The senior author of the study, Dr. Edward Schaeffer, a prostate cancer oncologist and the chairman of urology at Northwestern, said in an interview that he believed screening saved lives.
In the study, the doctors examined the records of 767,550 men with prostate cancer diagnosed from 2004 to 2013. Using the number of cases of metastatic disease in 2004 (1,685) and 2013 (2,890), they reported an alarming increase of 72 percent.
But for the United States population, that percentage could be meaningless. On the cancer society website, Dr. Brawley said that to measure whether a disease was becoming more common, researchers could not rely on just the absolute number of cases. They need to calculate rates, meaning the number of cases per a certain number of people.
“Epidemiologists learned long ago that you can’t simply look at raw numbers,” he wrote. “A rising number of cases can be due simply to a growing and aging population among other factors.”
Another expert expressed similar doubts. Dr. Christopher Filson, an assistant professor of urology at Emory University School of Medicine, said: “I don’t want to claim their results are wrong. They may be true, but the way they looked at the question brings in too many possible alternative explanations.”
The authors acknowledged in their report that the lack of rates was a “limitation.” But they said that because the number of patients was large, their findings probably reflected national patterns.
Dr. Schaeffer emphasized that the researchers did not claim a link between their findings and the advisories against screening; they noted that advanced cases started rising even before those.
Most of the initial news articles about the study reported the supposed increase without caveats, and few quoted the cancer society or outside experts. In some cases, online versions of the articles were amended to tone down the message and add comments from Dr. Brawley.
Maggie Fox, a reporter for NBC, said she reported on the study because “prostate cancer is a huge issue in this country, and the question of screening has been greatly controversial.” Dr. Schaeffer, she said, is influential. “What he says will make waves, and we felt it was important to report and include criticism of the study.”
Dr. Brawley said that even if further analysis found an increase in advanced cases, it would probably be from improvements in
magnetic resonance imaging scanning. In other words, rather than reflecting more cases of advanced disease, the increase would mean doctors had become better at finding it.
Weiner AB, Matulewicz RS, Eggener SE, Schaeffer EM. Increasing incidence of metastatic prostate cancer in the United States (2004-2013). Prostate Cancer Prostatic Dis. Prostate Cancer and Prostatic Diseases - Increasing incidence of metastatic prostate cancer in the United States (2004-2013)
Background: Changes in prostate cancer screening practices in the United States have led to recent declines in overall incidence, but it is unknown whether relaxed screening has led to changes in the incidence of advanced and metastatic prostate cancer at diagnosis.
Methods: We identified all men diagnosed with prostate cancer in the National Cancer Data Base (2004–2013) at 1089 different health-care facilities in the United States. Joinpoint regressions were used to model annual percentage changes (APCs) in the incidence of prostate cancer based on stage relative to that of 2004.

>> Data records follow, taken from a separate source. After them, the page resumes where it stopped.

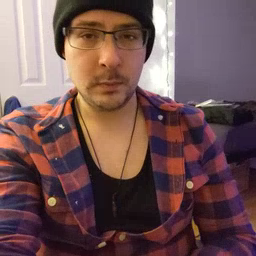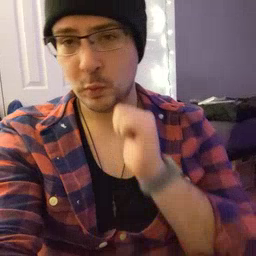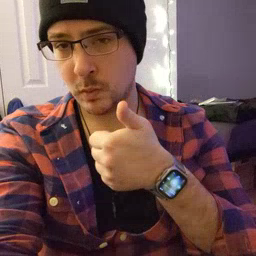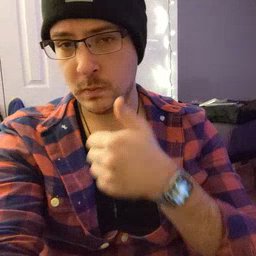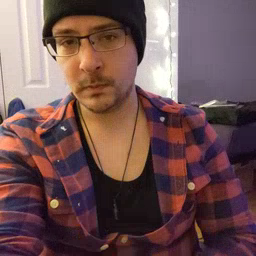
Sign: tomorrow
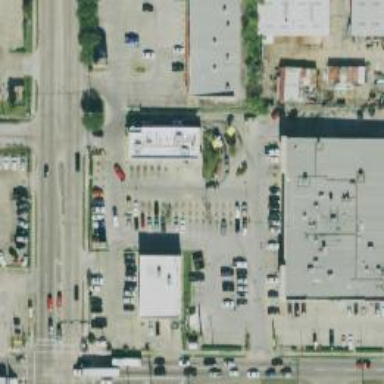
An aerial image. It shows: Parking space is available.
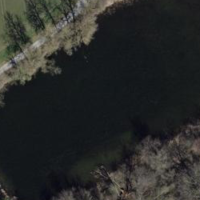
EUNIS habitat code: 14
Species observed at this site:
Muscicapa striata
Cygnus olor
Bufo bufo
Fulica atra
Alcedo atthis
Anas platyrhynchos
Pica pica
Garrulus glandarius
Deilephila elpenor
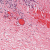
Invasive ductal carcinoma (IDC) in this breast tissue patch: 1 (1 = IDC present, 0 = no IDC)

Results: The annual incidence of metastatic prostate cancer increased from 2007 to 2013 (Joinpoint regression: APC: 7.1%, P<0.05) and in 2013 was 72% more than that of 2004. The incidence of low-risk prostate cancer decreased from years 2007 to 2013 (APC: −9.3%, P<0.05) to 37% less than that of 2004. The greatest increase in metastatic prostate cancer was seen in men aged 55–69 years (92% increase from 2004 to 2013).
Conclusions: Beginning in 2007, the incidence of metastatic prostate cancer has increased especially among men in the age group thought most likely to benefit from definitive treatment for prostate cancer. These data highlight the continued need for nationwide refinements in prostate cancer screening and treatment.